GeoVLMs - Earth Vision AI Alliance

Overview

GeoVLMs represents our comprehensive research initiative in developing advanced vision-language models specifically designed for geospatial and remote sensing applications. This project encompasses cutting-edge approaches to enable AI systems to understand, reason about, and interact with Earth observation data through natural language interfaces and multi-modal understanding.

Our work focuses on bridging the gap between computer vision, natural language processing, and geospatial intelligence, enabling more intuitive and powerful tools for analyzing satellite imagery, understanding environmental changes, and supporting decision-making in Earth observation tasks.

Research Projects

EarthDial

GitHub Paper

EarthDial transforms multi-sensory Earth observations into interactive dialogues, enabling natural language interactions with satellite imagery and remote sensing data. The system allows users to query, analyze, and understand complex geospatial information through conversational interfaces.

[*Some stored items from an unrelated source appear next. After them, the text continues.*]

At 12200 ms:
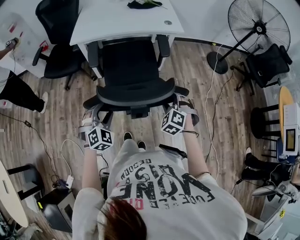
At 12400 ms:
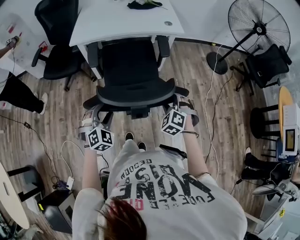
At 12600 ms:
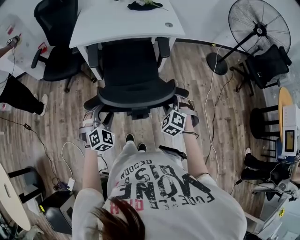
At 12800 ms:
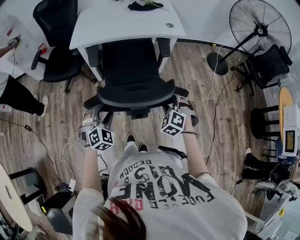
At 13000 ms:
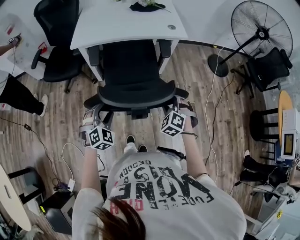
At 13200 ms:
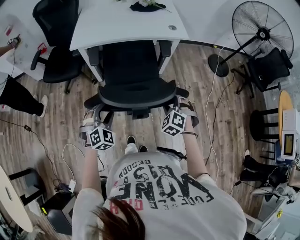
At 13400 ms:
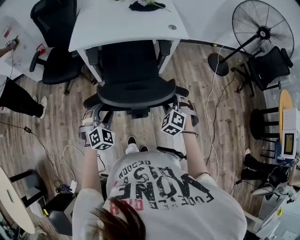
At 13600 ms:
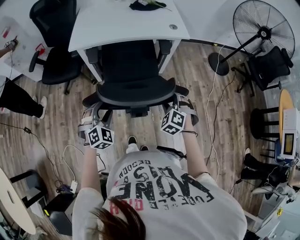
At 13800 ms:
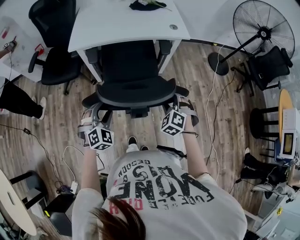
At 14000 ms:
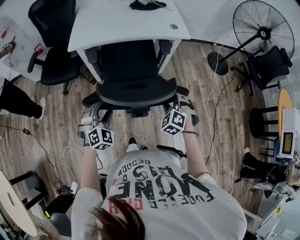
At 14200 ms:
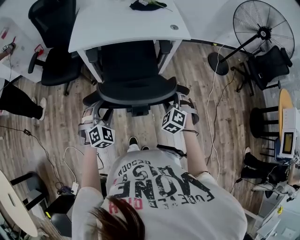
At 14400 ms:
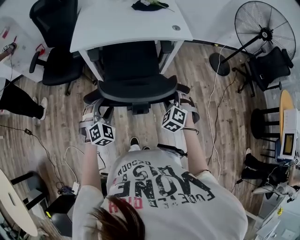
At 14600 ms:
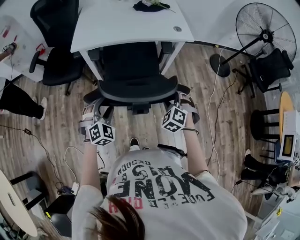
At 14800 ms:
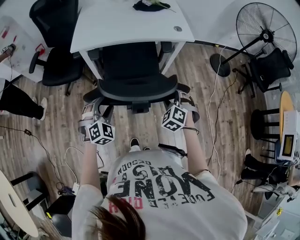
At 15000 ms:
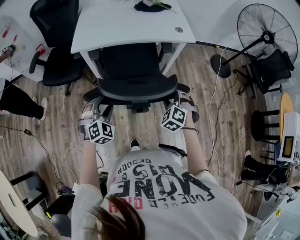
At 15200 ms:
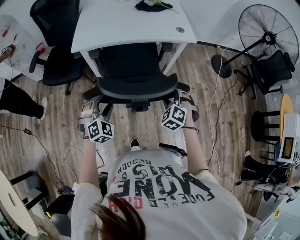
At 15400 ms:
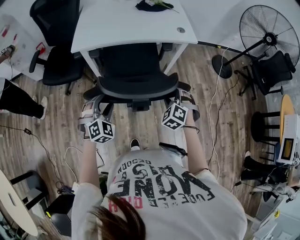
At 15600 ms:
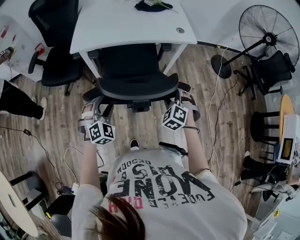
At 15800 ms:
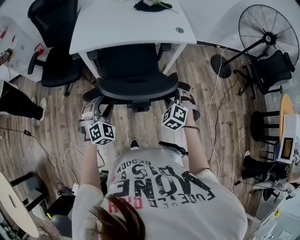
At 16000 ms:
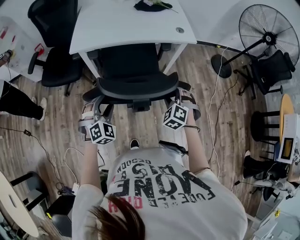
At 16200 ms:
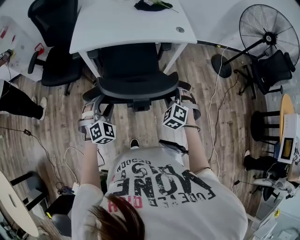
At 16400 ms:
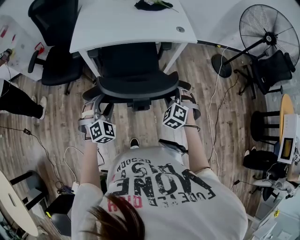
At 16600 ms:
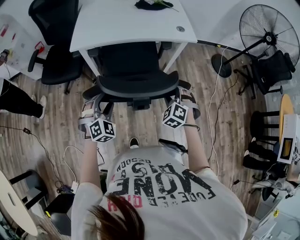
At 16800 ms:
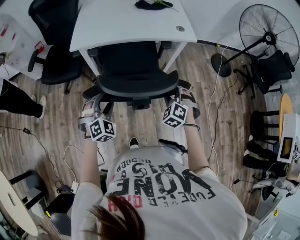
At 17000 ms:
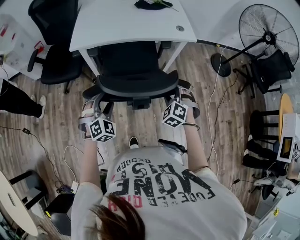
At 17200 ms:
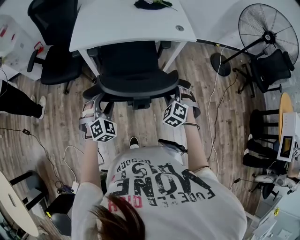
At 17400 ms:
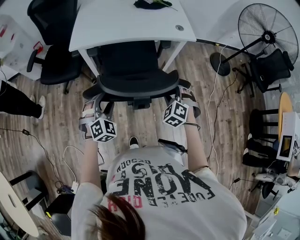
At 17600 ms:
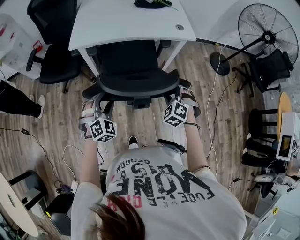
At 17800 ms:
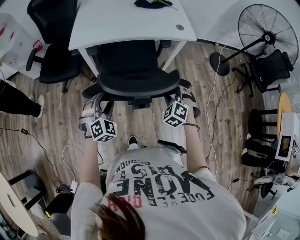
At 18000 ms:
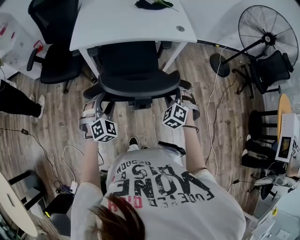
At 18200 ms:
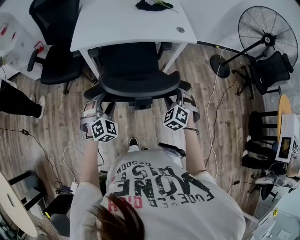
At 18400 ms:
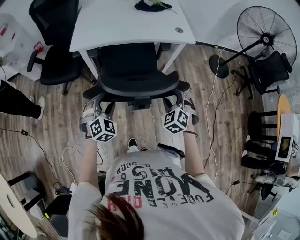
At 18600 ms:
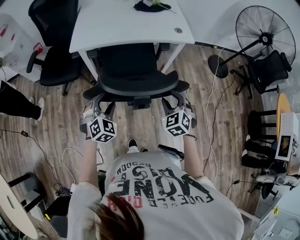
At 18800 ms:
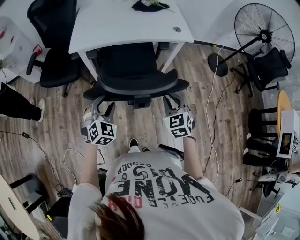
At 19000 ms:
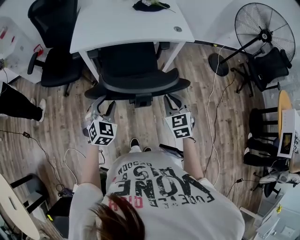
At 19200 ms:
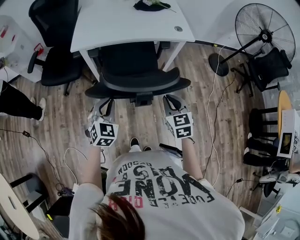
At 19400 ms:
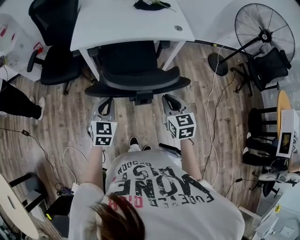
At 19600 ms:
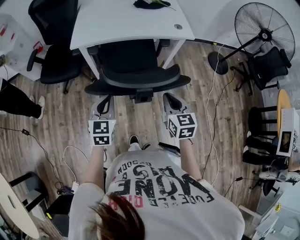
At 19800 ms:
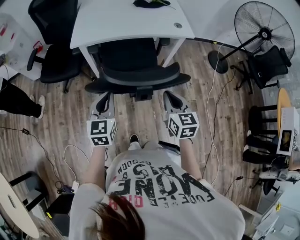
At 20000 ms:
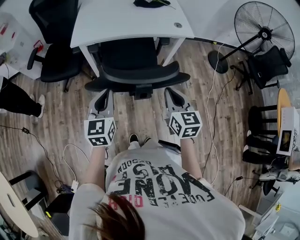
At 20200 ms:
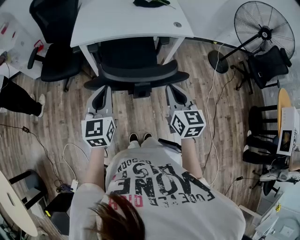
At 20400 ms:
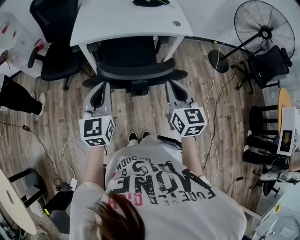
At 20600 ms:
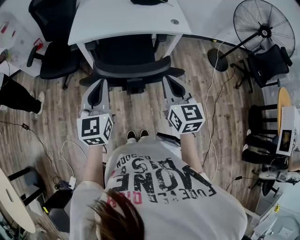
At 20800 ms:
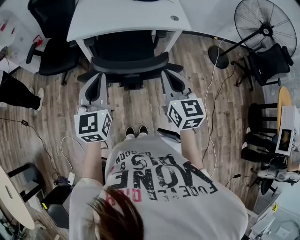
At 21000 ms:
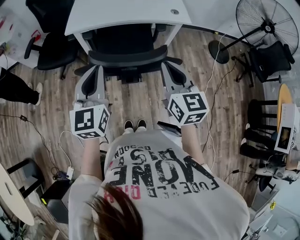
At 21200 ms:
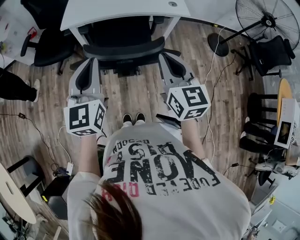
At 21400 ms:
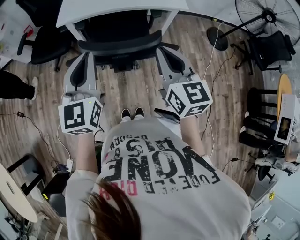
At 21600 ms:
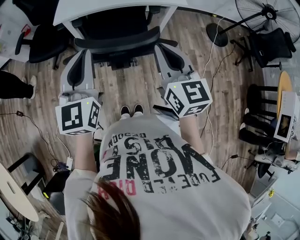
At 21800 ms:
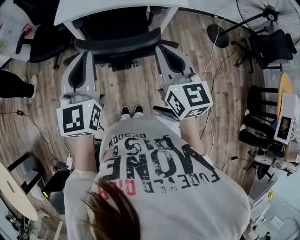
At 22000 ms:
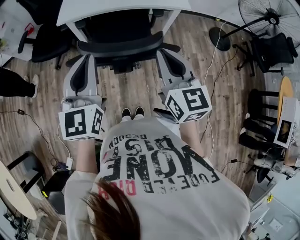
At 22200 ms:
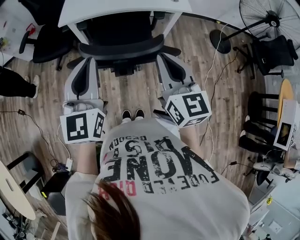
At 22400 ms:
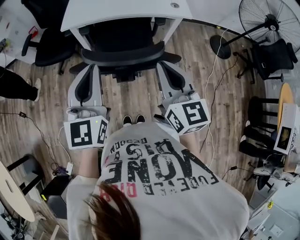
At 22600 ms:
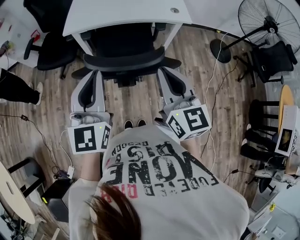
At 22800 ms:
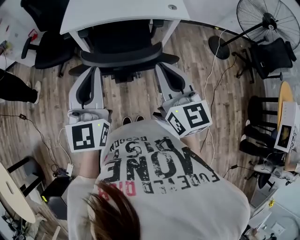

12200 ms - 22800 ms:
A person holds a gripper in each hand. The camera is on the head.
12200 ms - 13800 ms: Both grippers move forward and to the left, about 10 cm.
13800 ms - 15200 ms: The grippers both shift forward by some 5 cm.
15200 ms - 18200 ms: The grippers make only small movements.
18200 ms - 19800 ms: The left gripper goes some 10 cm upward, twists about 50 degrees counterclockwise, seen from behind, and closes. The right gripper is displaced upward and backward by about 10 cm, twists approximately 60 degrees clockwise, seen from behind, and closes its fingers.
19800 ms - 21200 ms: The grippers both shift upward by approximately 15 cm.
21200 ms - 22800 ms: The left gripper ends up approximately 5 cm from where it was.

[CVPR 2025] Soni, Sagar, et al. "Earthdial: Turning multi-sensory earth observations to interactive dialogues." Proceedings of the IEEE/CVF Conference on Computer Vision and Pattern Recognition (CVPR). 2025.

GeoVLM-R1

Project Page arXiv

GeoVLM-R1 is a reinforcement learning framework that enhances vision-language models' reasoning capabilities for Earth observation tasks. The system is designed with flexibility, scalability, and ease of experimentation in mind, enabling advanced reasoning in diverse remote sensing scenarios.

[arXiv 2025] Fiaz, Mustansar, et al. "Geovlm-r1: Reinforcement fine-tuning for improved remote sensing reasoning." arXiv preprint arXiv:2509.25026 (2025).